Records supplied:
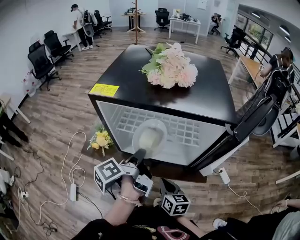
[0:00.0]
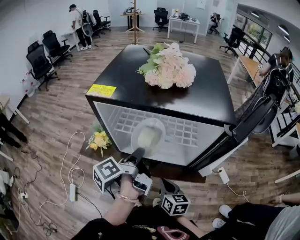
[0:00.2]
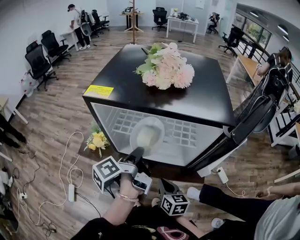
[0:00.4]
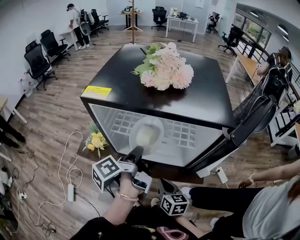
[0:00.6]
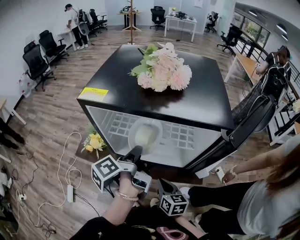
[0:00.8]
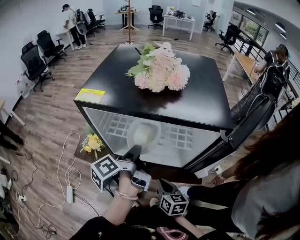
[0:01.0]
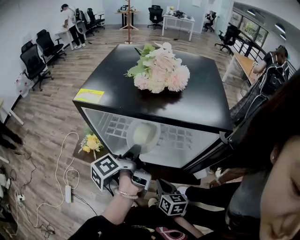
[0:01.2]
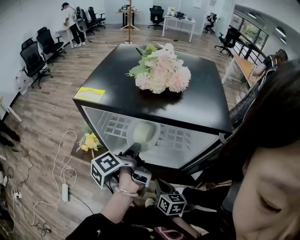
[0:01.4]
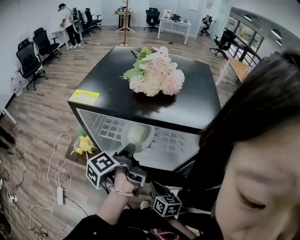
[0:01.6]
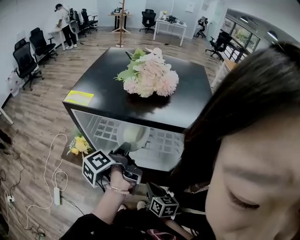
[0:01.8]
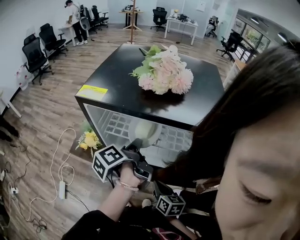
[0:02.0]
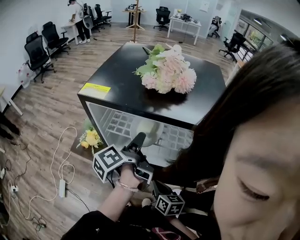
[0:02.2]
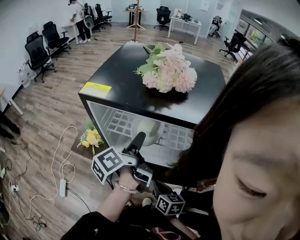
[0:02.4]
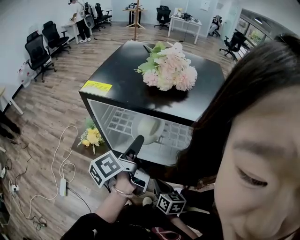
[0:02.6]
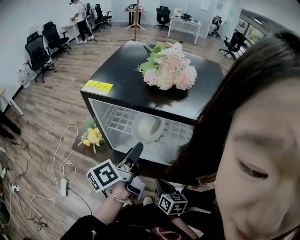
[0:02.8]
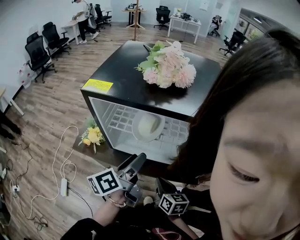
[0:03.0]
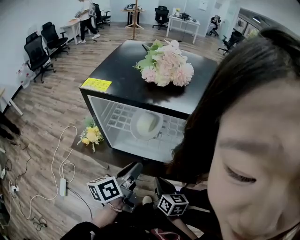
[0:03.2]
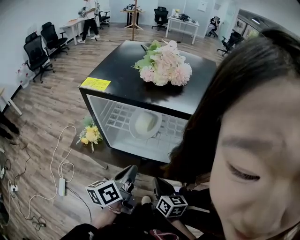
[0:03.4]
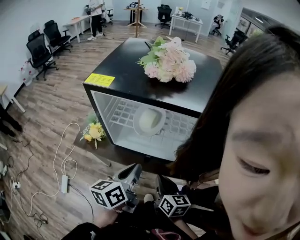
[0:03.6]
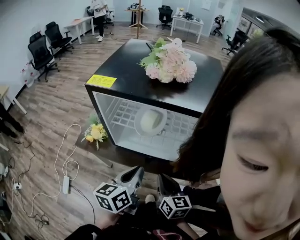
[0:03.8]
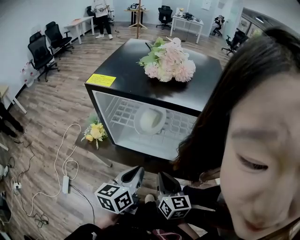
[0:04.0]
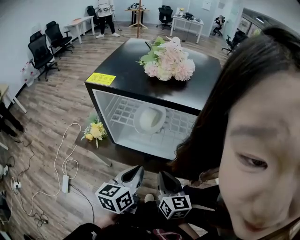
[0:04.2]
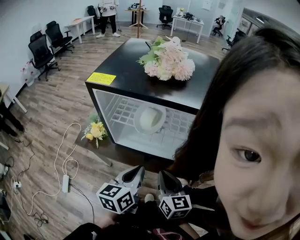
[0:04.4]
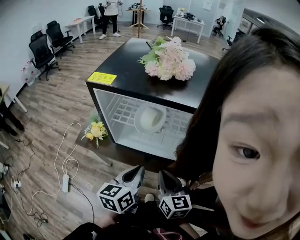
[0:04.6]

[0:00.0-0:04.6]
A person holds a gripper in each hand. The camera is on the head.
0:03.0 to 0:04.6: The right gripper moves upward, some 10 cm.

Prompt: Print the entries above exactly, taking out only the pictures.

Task solution:
[0:00.0]
[0:00.2]
[0:00.4]
[0:00.6]
[0:00.8]
[0:01.0]
[0:01.2]
[0:01.4]
[0:01.6]
[0:01.8]
[0:02.0]
[0:02.2]
[0:02.4]
[0:02.6]
[0:02.8]
[0:03.0]
[0:03.2]
[0:03.4]
[0:03.6]
[0:03.8]
[0:04.0]
[0:04.2]
[0:04.4]
[0:04.6]

[0:00.0-0:04.6]
A person holds a gripper in each hand. The camera is on the head.
0:03.0 to 0:04.6: The right gripper moves upward, some 10 cm.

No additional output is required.